- THE TASK:
Set down a faithful copy of every record, and skip the pictures in it.

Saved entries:
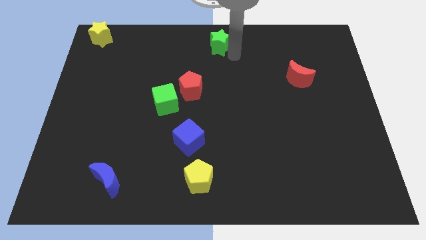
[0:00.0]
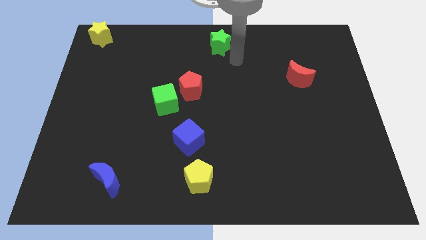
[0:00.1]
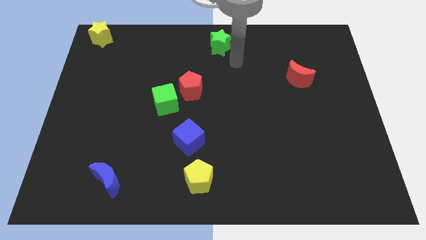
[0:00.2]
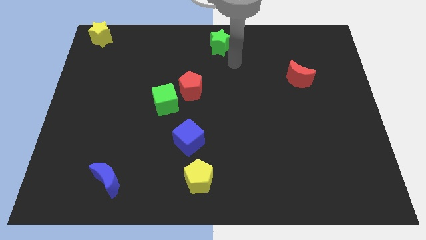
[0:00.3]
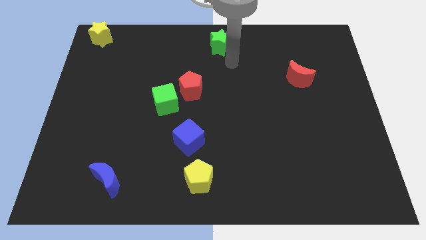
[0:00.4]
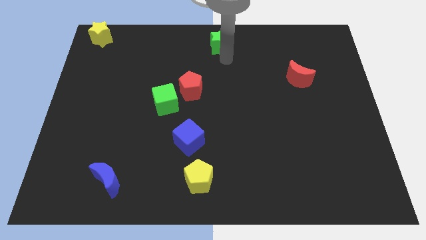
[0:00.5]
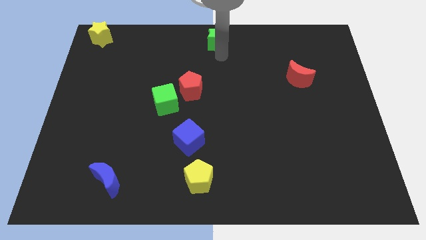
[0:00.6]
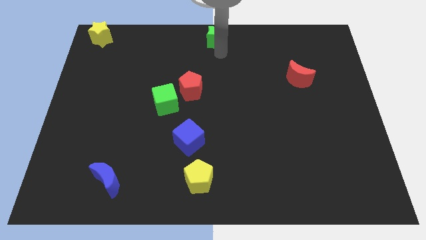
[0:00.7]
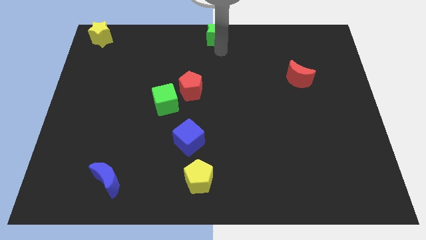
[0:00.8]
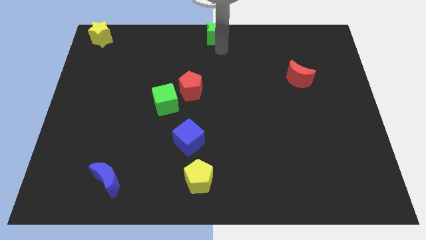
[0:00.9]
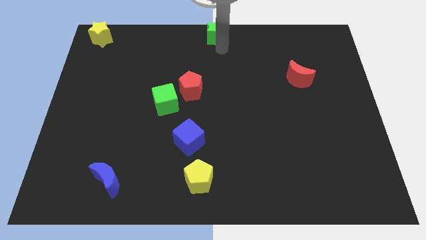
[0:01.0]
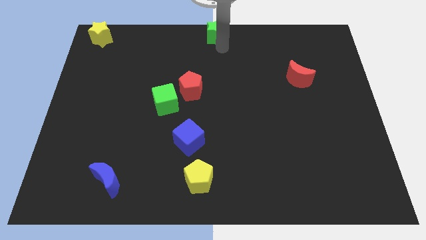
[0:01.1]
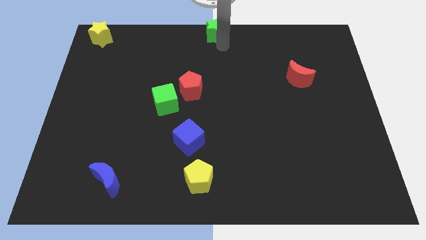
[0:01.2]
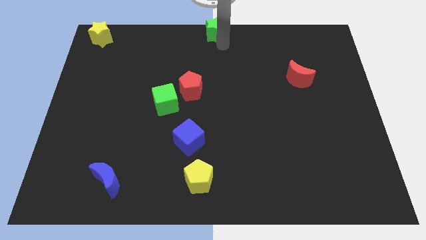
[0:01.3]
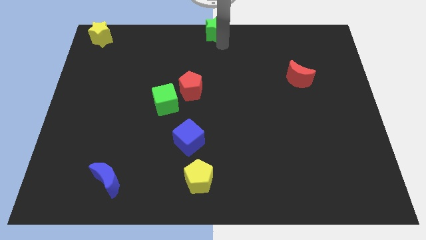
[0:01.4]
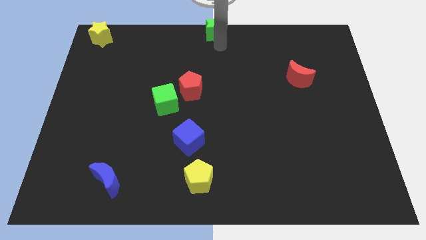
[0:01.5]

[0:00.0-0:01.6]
place green star to the top center

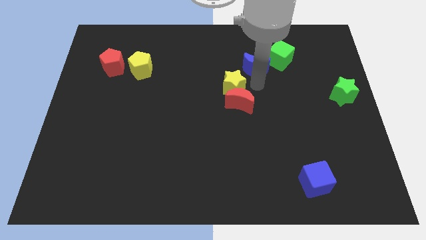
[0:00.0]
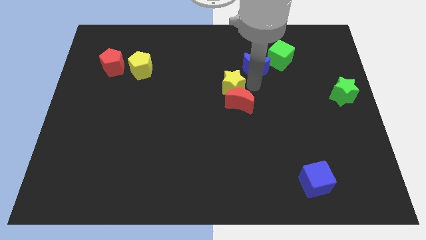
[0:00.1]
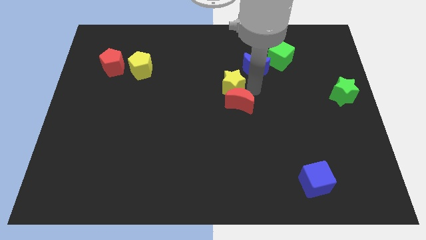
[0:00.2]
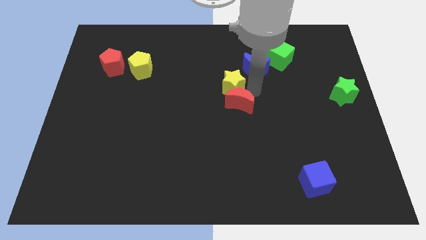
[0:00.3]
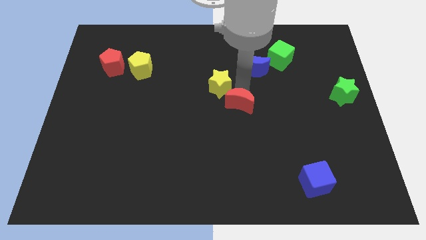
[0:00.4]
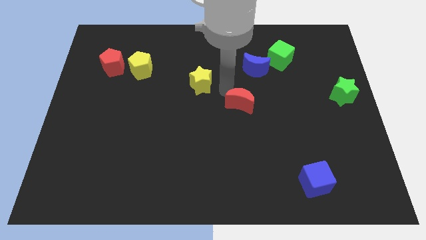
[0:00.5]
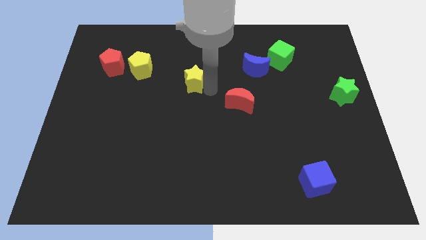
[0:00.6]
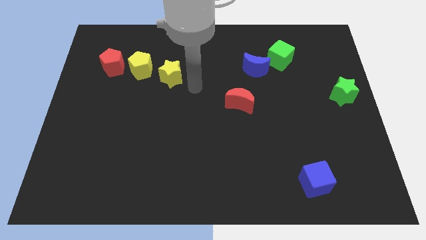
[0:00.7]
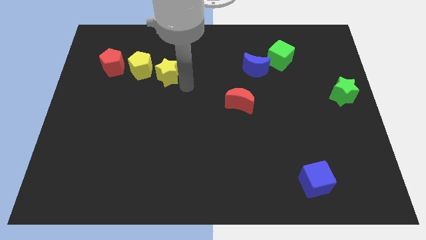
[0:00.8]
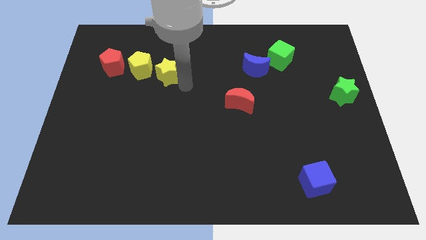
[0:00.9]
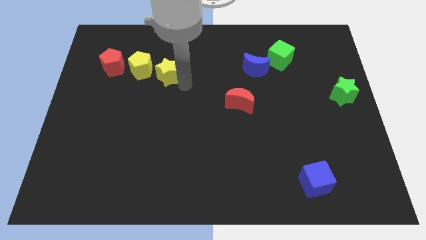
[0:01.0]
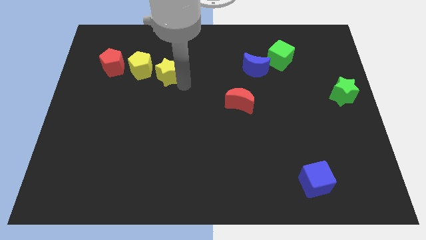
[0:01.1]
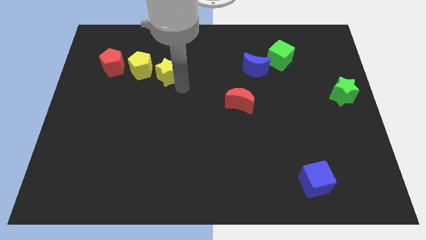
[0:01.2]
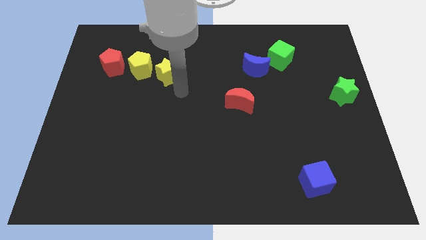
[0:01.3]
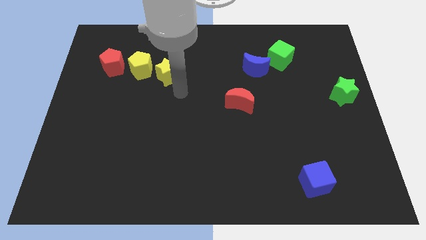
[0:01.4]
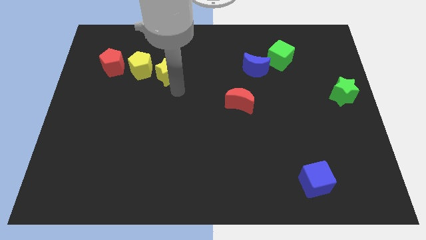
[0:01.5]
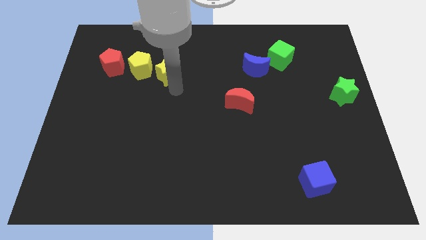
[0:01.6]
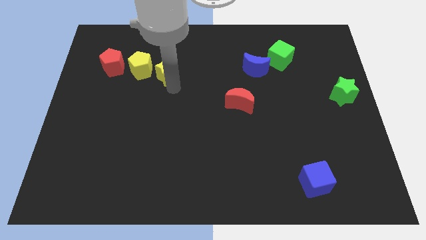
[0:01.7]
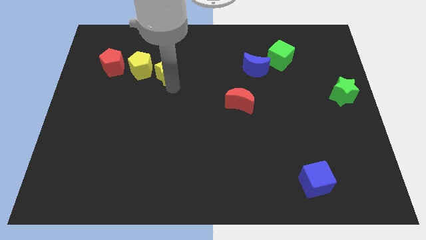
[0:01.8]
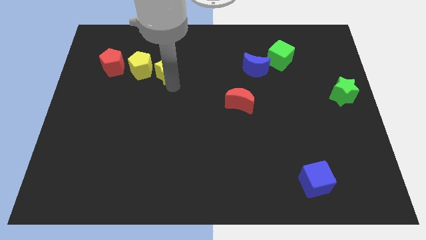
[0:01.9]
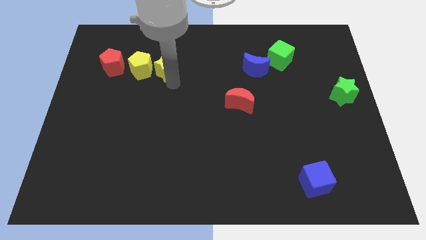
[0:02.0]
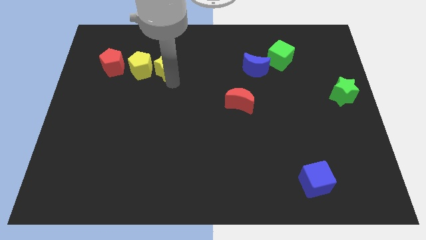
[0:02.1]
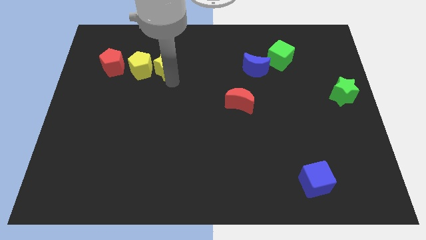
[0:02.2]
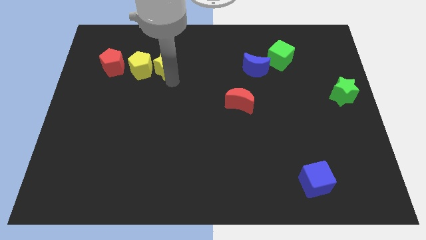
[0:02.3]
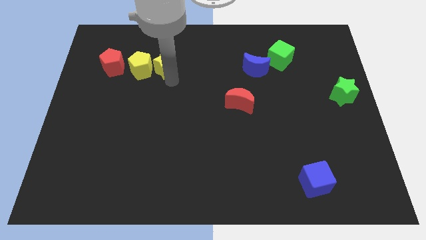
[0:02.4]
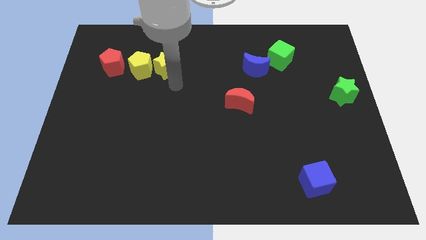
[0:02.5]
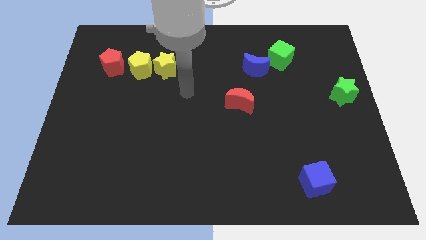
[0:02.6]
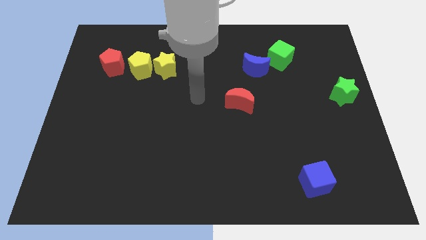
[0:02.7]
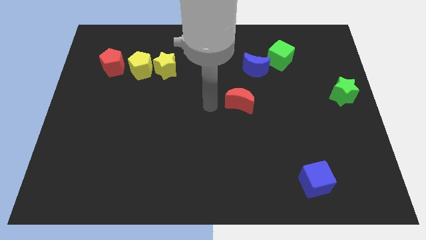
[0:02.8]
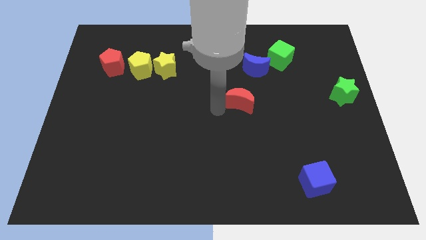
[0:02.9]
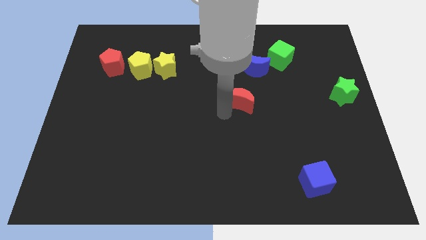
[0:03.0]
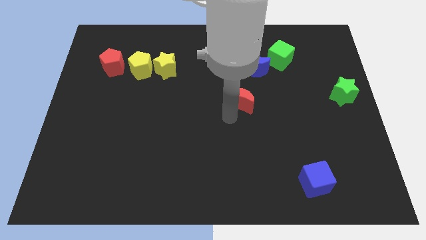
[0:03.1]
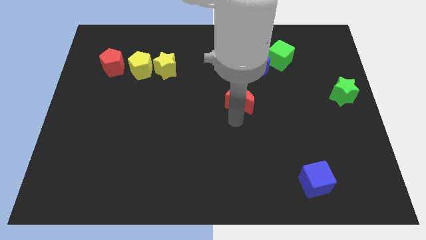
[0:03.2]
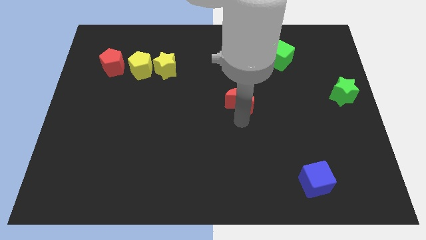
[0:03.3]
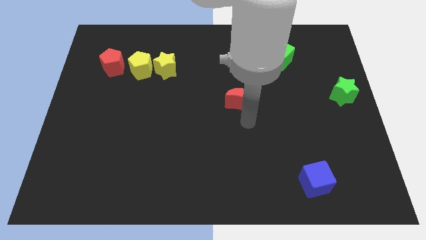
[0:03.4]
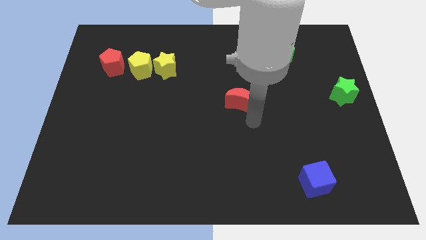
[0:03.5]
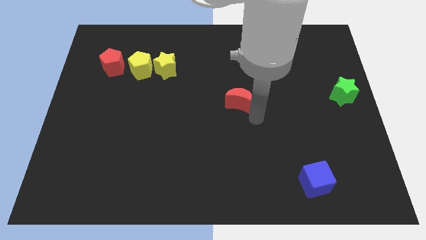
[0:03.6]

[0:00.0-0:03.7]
place the yellow star to the right of the yellow pentagon

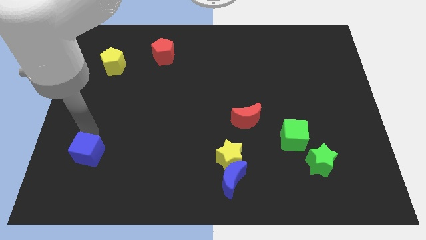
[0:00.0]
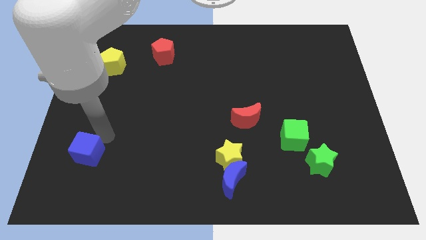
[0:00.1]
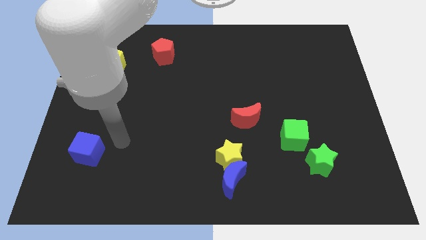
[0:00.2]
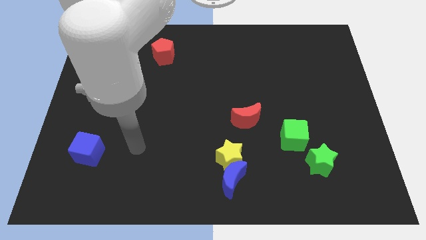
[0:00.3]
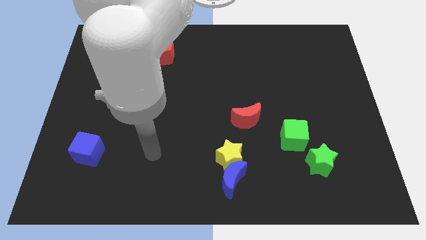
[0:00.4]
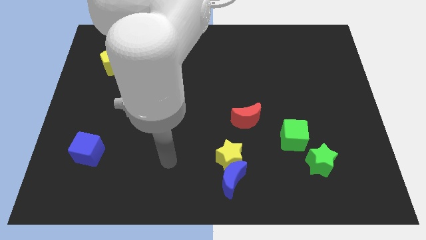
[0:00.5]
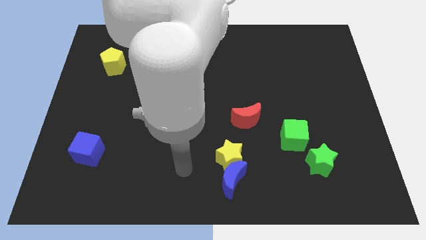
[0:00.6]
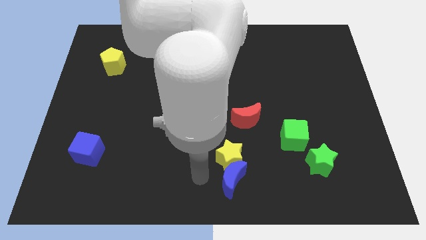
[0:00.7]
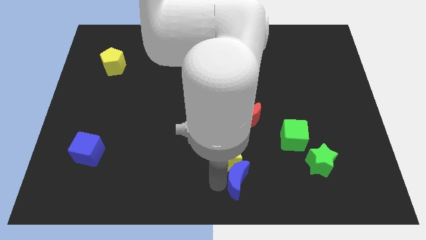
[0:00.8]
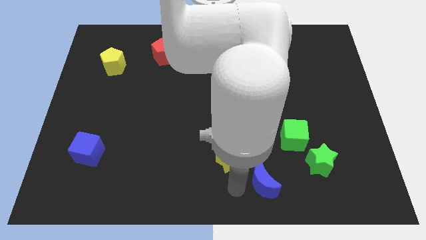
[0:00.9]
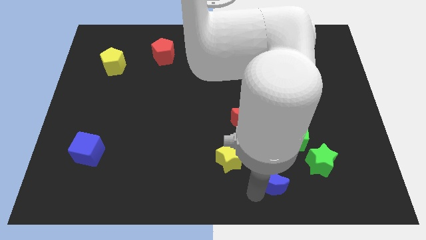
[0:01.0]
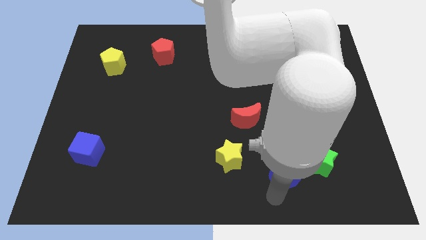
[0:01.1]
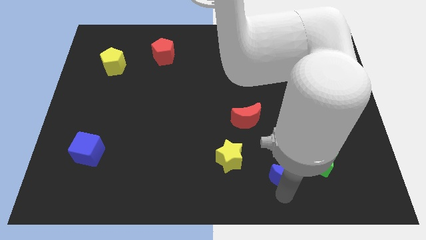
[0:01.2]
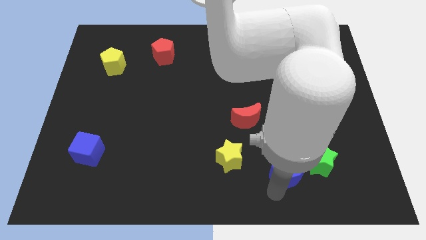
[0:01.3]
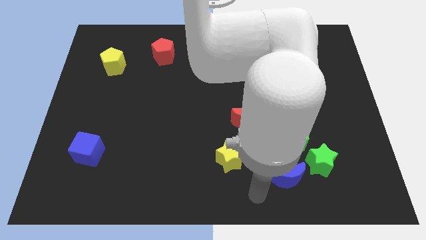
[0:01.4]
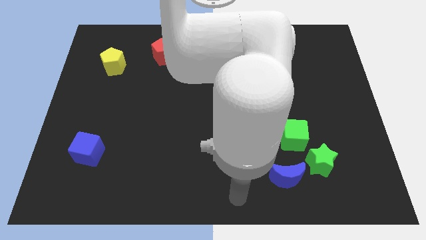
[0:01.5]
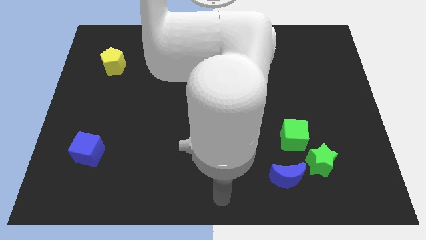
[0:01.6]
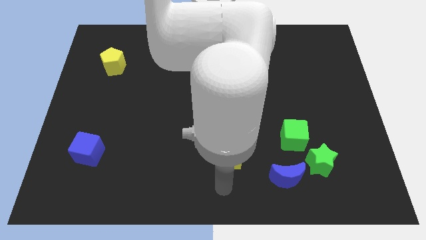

- WRITTEN ANSWER:
[0:00.0]
[0:00.1]
[0:00.2]
[0:00.3]
[0:00.4]
[0:00.5]
[0:00.6]
[0:00.7]
[0:00.8]
[0:00.9]
[0:01.0]
[0:01.1]
[0:01.2]
[0:01.3]
[0:01.4]
[0:01.5]

[0:00.0-0:01.6]
place green star to the top center

[0:00.0]
[0:00.1]
[0:00.2]
[0:00.3]
[0:00.4]
[0:00.5]
[0:00.6]
[0:00.7]
[0:00.8]
[0:00.9]
[0:01.0]
[0:01.1]
[0:01.2]
[0:01.3]
[0:01.4]
[0:01.5]
[0:01.6]
[0:01.7]
[0:01.8]
[0:01.9]
[0:02.0]
[0:02.1]
[0:02.2]
[0:02.3]
[0:02.4]
[0:02.5]
[0:02.6]
[0:02.7]
[0:02.8]
[0:02.9]
[0:03.0]
[0:03.1]
[0:03.2]
[0:03.3]
[0:03.4]
[0:03.5]
[0:03.6]

[0:00.0-0:03.7]
place the yellow star to the right of the yellow pentagon

[0:00.0]
[0:00.1]
[0:00.2]
[0:00.3]
[0:00.4]
[0:00.5]
[0:00.6]
[0:00.7]
[0:00.8]
[0:00.9]
[0:01.0]
[0:01.1]
[0:01.2]
[0:01.3]
[0:01.4]
[0:01.5]
[0:01.6]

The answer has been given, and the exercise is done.